Town sources told the Mirror that Panek next went back to the fitness club and gave them the $5000 anyway, presumably so he could join himself. The Mayor and other members of council were furious and brought Panek in to explain himself. He resigned soon after. Town sources told the Mirror that in an attempt to keep his job, Panek listed a litany of things ‘he has done for the town’, which sources say elicited a series of laughs.

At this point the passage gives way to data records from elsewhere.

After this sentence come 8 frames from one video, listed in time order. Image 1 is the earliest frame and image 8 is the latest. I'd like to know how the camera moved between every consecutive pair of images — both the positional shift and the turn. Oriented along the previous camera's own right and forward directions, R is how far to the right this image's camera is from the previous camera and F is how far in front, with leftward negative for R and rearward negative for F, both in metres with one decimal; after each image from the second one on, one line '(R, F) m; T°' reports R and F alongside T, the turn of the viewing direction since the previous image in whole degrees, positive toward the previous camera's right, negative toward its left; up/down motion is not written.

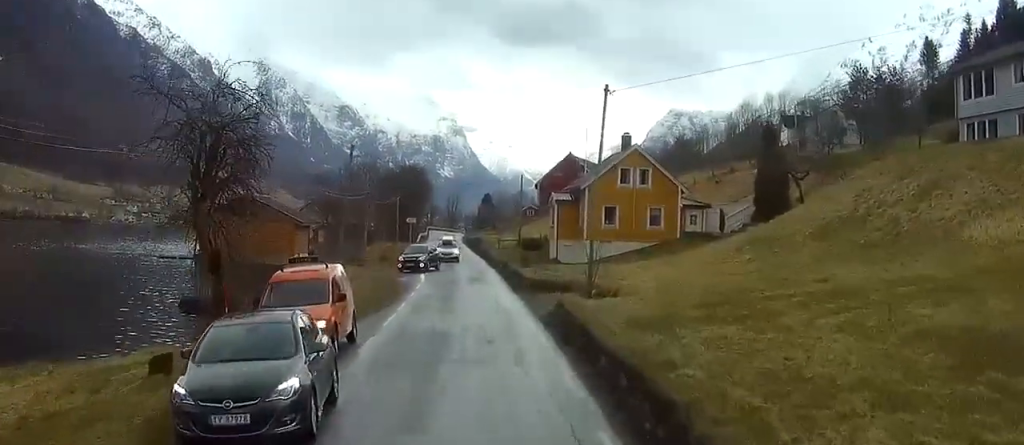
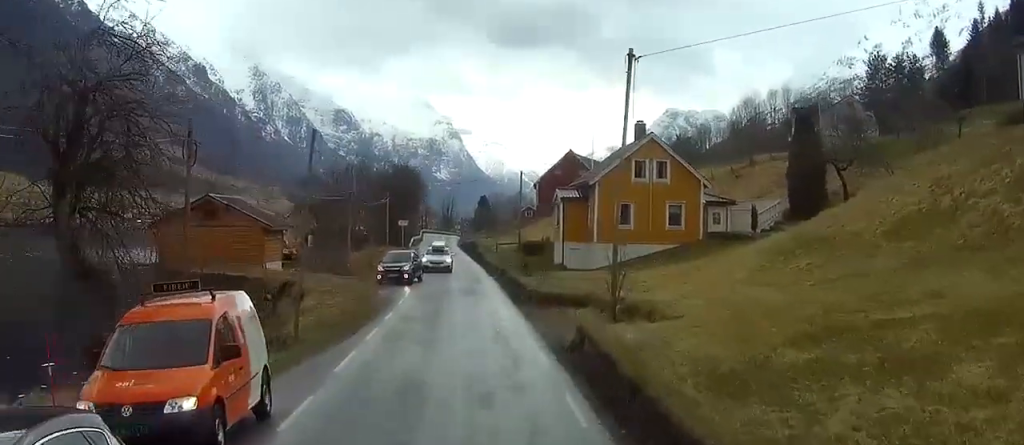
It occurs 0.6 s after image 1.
(+0.1, +8.9) m; +1°
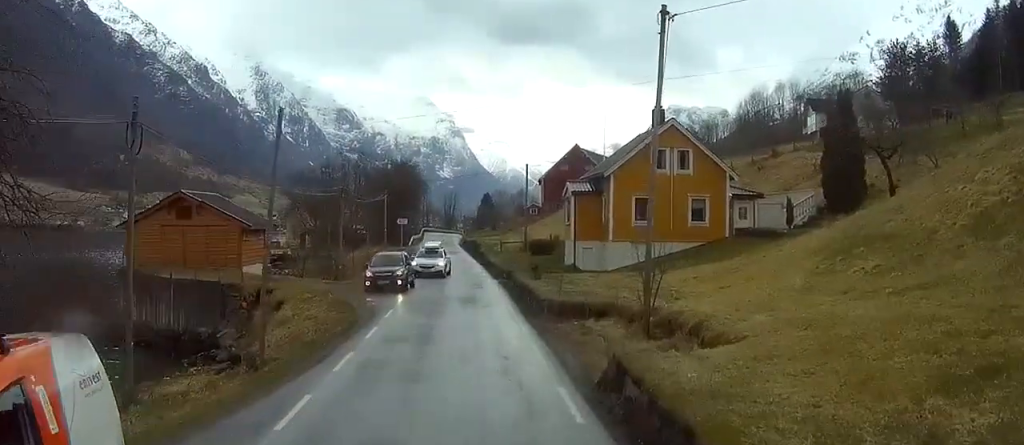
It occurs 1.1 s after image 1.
(0.0, +6.4) m; 0°
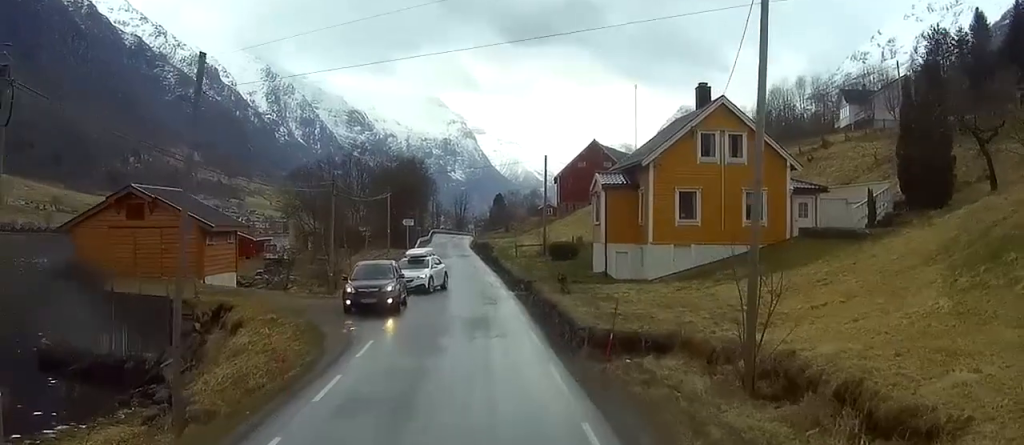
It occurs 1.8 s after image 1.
(+0.1, +9.8) m; +1°
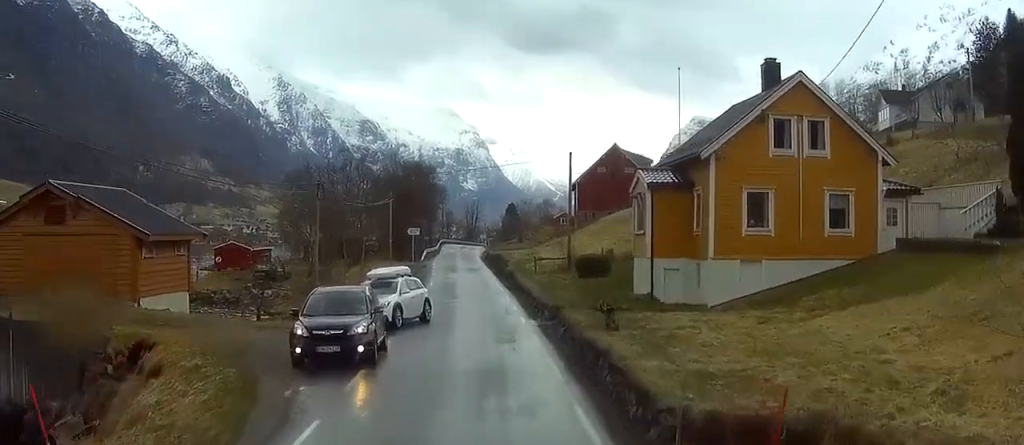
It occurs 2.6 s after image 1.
(+0.1, +10.2) m; +1°
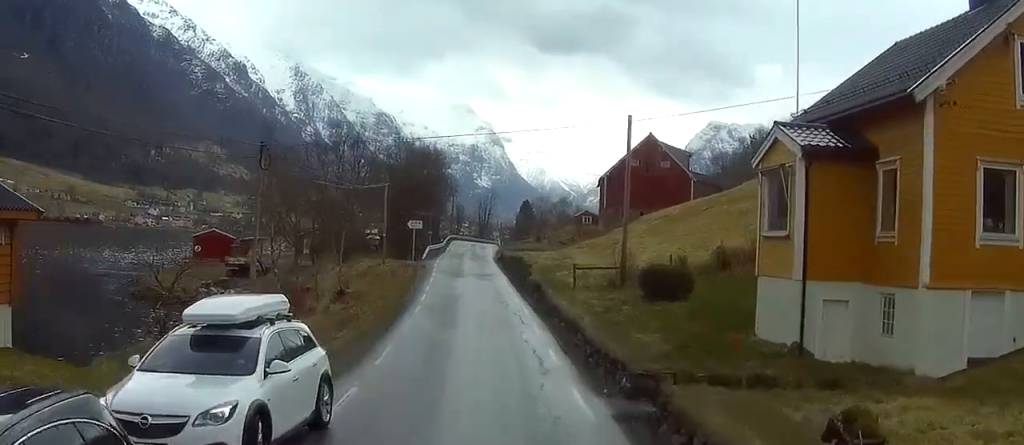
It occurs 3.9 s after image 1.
(+0.2, +16.2) m; -2°
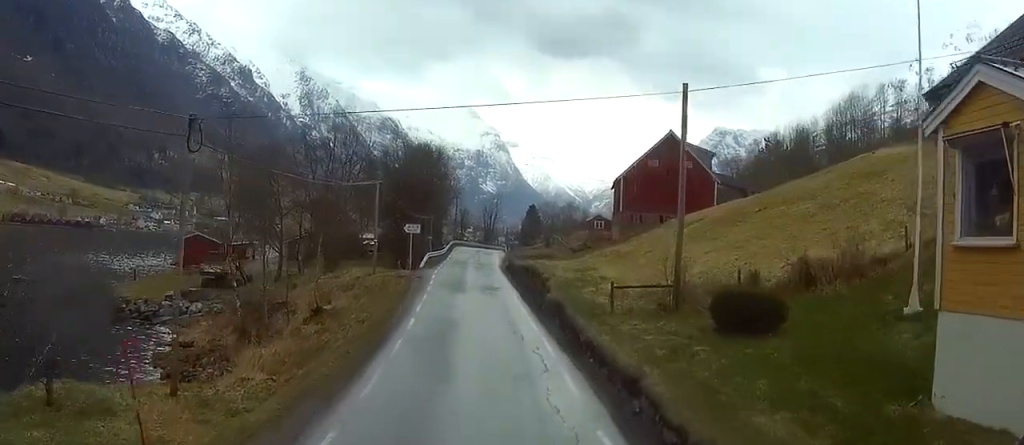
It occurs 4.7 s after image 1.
(-0.4, +9.1) m; -1°
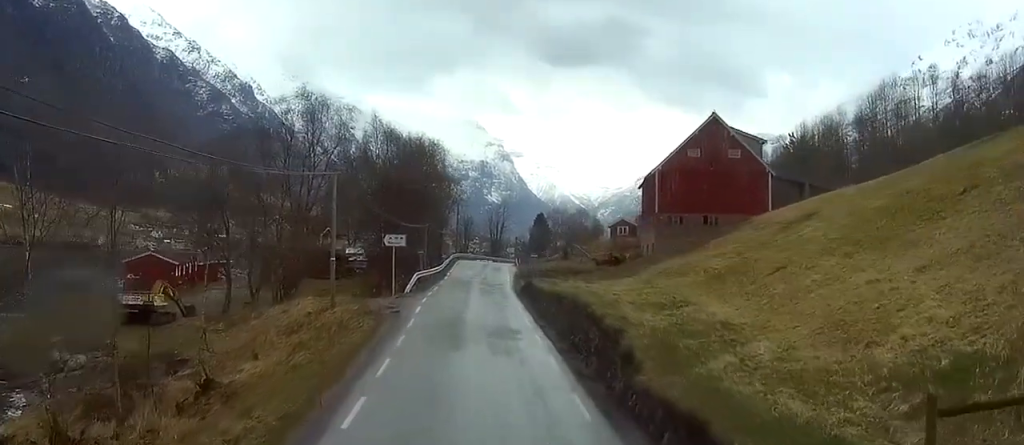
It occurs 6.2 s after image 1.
(+0.7, +18.1) m; +5°

This is not the first time Panek has found himself embroiled in controversy. A Defense Week article from 2002 found that Panek was actively involved in a scam to bilk the Navy retirement system which allowed for some to retire before their time and start collecting pensions. The story was based on a 2000 Navy Inspector General (IG) report on the “manipulation of the federal retirement system.” The report called the scam a case of senior Navy executives “taking care of their own.”
RAFT Committee Questions
At Wednesday’s Wetlands and Dunes Board’s work session, members of the ad-hoc local “RAFT” committee injected themselves into the conversation. Member Karen Jolly Davis noted that money earmarked for the Cape Charles Community Trail could be leveraged using a ‘landscaping’ clause—the money could be diverted to beach management. Davis also noted that Interim Town Manager Bob Panek is part of the RAFT committee, and is also the lead for the trail project and that in terms of diverting the funds, he would be the person to see. This raised a few eyebrows and calls into question what the so-called committee has really been up to. Committee member Hank Mayer also made a cryptic comment that he had been working deals with people across the bay. Since the committee is ad-hoc, they can meet in secret without much oversight from the town. Sources for the town told the Mirror they were surprised at Panek’s involvement, and the proposal to divert grant funds. Whether the committee will be dissolved and an investigation launched into its activities has yet to be determined.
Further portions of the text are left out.